Чтоб вы знали, мама и тато, с того утра, как за мною гнался с топором Василев отец, классовый куркуль, жизнь моя сильно переменилась. Не убил куркульский топор, так, значит, судилось мне еще жить, и уже что будет, то будет. Побежала я к людям, а не в родную хату, потому знала, тато, что будете браниться, а я таки виновата. Не послушала вас, пошла замуж за Василя, еще в школе мы дружили, что голубки, а потом поклялись не разлучаться до смерти. Все говорил мне Василь: не надо нам отцова добра-богатства, подадимся в широкий свет, чтоб никто глаза не колол. Но в их змеином гнезде все это перевернулось. Василь боялся лютых своих отца-матери и широкого света тоже боялся, не знал, как быть.
Брала меня грусть-печаль на него глядя, а еще больше жаль было жизни нашей молодой, что и не расцвела, а уже стала вянуть.
Молчала и терпела, хотя было невмочь. Да что было делать? Не жаловалась никому, потому — стыдно, а когда мама приходили, я им наказывала, чтоб вам, тато, ничего не говорили. Как была у них наймичкой, так и осталась наймичкой. Как в песне поется: «Ой, матинка-зорька, как в наймичках горько…» И конца-края не видно было, до самой могилы запряглась. Свекруха и свекор волчьими глазами смотрят и шипят, что меня на их добро потянуло. Да чтоб оно в прорву провалилось, это ихнее добро, от него только слезы. Не знали вы и того, что на рождество я чуть пальцев не лишилась, с коровами и свиньями управляясь. Аж посинела вся, аж корчило меня. Вернулся Василь из Полтавы (они погнали его сало и колбасу продавать), вернулся, глядит на меня и плачет. А я ему говорю: давай убежим в широкий свет. А он мне говорит: свет для всех широкий, а для меня слишком узкий, в таком гнезде вылупился… Снова говорю ему: подадимся на Донбасс, там всех берут, или, может, шахты испугался? Да вижу, всего он боится, и уже наша молодая любовь истлела в пепел.
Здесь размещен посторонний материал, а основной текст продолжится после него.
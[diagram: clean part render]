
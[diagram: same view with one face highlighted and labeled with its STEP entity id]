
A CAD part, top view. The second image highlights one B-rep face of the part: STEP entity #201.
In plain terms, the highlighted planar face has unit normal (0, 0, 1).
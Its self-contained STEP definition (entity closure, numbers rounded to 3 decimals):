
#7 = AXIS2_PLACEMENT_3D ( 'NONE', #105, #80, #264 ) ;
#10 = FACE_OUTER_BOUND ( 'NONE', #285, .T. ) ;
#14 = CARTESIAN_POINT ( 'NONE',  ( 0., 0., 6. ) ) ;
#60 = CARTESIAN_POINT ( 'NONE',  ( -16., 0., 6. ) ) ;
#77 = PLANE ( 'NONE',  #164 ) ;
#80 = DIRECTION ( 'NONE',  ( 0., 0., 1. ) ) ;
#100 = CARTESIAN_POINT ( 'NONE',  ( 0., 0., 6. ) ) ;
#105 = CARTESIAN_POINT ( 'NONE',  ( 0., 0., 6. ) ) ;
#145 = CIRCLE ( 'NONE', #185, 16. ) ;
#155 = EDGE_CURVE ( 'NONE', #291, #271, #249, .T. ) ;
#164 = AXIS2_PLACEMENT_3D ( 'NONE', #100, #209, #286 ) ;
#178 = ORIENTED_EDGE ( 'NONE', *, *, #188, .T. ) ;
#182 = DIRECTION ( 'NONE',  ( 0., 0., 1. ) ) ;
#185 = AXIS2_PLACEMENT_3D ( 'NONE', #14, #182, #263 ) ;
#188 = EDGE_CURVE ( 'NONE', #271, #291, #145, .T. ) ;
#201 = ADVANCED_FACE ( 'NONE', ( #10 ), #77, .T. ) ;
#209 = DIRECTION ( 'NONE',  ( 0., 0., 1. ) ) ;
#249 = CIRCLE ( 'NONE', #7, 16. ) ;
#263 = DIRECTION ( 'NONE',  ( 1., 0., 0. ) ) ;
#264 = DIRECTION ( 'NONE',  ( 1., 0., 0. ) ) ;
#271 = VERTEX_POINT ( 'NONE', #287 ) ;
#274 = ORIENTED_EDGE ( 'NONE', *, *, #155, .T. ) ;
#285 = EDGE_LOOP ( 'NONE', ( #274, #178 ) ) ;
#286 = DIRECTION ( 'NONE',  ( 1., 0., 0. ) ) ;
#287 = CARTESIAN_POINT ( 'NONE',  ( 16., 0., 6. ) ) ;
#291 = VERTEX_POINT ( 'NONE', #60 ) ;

А вернуться домой не могла, стыдно да горько, что опозорила я наш честный работящий род. Ведь вы, тато, говорили: «За какие грехи такая напасть, что Дудник дочку мою выбрал?..»
Да вот покатилась по селу весть про колхоз, засветила мне надежда на лучшее. Стали мы с Василем думку думать, что пойдем и мы с людьми, а свекор и свекруха как себе хотят. А они все проклинали, ходили темные, как ночь, их уже где-то записали в списки и твердый план до двора довели. Уже раскулачиванием запахло… Я им говорю: «Надо с людьми по-доброму, ведь новая жизнь идет». А свекор прямо почернел, кричит: «Не дождет коммуния! А ты, голь, молчи…»
На другое утро все и случилось. Выбежала я на двор, а он топором коней, коров рубает. Такого еще свет не видал! На одеже кровь, на бороде красные пятна, и топор весь в крови. Кричу ему: «Не троньте, не ваше!. Это батраки да убогие вдовы вам нажили…» Он как заревет и погнался за мною с тем страшным топором. А я зову людей, хоть и не жаль мне себя, а жаль, что на свете такое зверство делается. Когда люди навстречу побежали, он как швырнет топор, вот так, на ноготь от моей головы пролетел, а сам упал и землю царапает. Связали его и повели. А я без памяти пятнадцать верст бежала, до Михаила Лукьяновича, что у нас раньше учителем был. Плачу и рассказываю, а саму лихорадка бьет и зубы цокотят. А он сказал, что были мы у него лучшими учениками — я и Василь, так надеялся, что ждет нас счастливая доля. Да не судилась доля, такая круговерть пошла. «Поработай, сказал мне, в школе, а я подумаю, что делать». Стала я помогать сторожихе, прибирать. А через месяц говорит мне учитель: «Хотелось тебе в широкий свет, так поехали!» Повез он меня сюда, привел к товарищу Редактору, когда-то они вместе учились. И вот я здесь.
Днем еще всякая работа да беготня, а как свечереет, останусь я одна, — думки снуют в голове, за теми думками и слезы набегают.